[Stored data]
▶

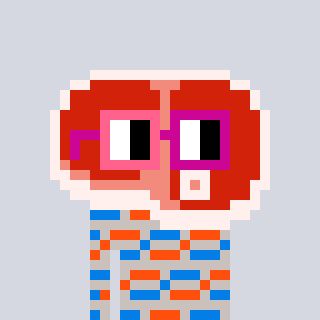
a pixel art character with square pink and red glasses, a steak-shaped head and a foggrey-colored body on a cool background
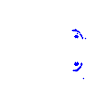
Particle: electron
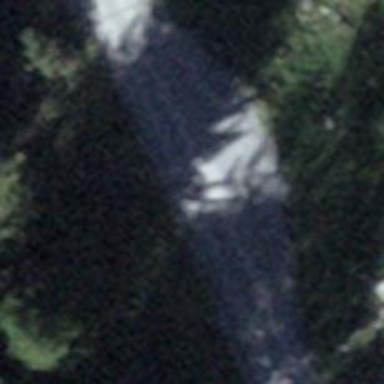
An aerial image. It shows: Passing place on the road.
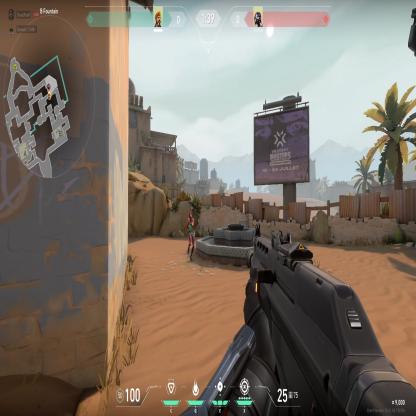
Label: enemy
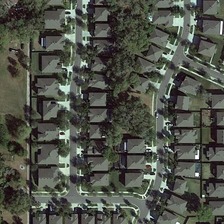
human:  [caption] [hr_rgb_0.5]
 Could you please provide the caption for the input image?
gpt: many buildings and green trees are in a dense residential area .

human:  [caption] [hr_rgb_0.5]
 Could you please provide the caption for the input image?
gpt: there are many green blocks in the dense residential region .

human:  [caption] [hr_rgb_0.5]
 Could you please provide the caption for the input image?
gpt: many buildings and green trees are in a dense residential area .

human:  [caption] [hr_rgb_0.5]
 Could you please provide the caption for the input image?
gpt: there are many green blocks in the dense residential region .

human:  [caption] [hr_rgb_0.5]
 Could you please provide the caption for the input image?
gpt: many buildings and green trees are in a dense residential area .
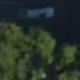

◀

Task objective – Exactly the lines from the one containing "An aerial image." to the end of the records above, both end lines included, are to be printed, and no pictures with them.

Result for this task –
An aerial image. It shows: Passing place on the road.
Label: enemy
human:  [caption] [hr_rgb_0.5]
 Could you please provide the caption for the input image?
gpt: many buildings and green trees are in a dense residential area .

human:  [caption] [hr_rgb_0.5]
 Could you please provide the caption for the input image?
gpt: there are many green blocks in the dense residential region .

human:  [caption] [hr_rgb_0.5]
 Could you please provide the caption for the input image?
gpt: many buildings and green trees are in a dense residential area .

human:  [caption] [hr_rgb_0.5]
 Could you please provide the caption for the input image?
gpt: there are many green blocks in the dense residential region .

human:  [caption] [hr_rgb_0.5]
 Could you please provide the caption for the input image?
gpt: many buildings and green trees are in a dense residential area .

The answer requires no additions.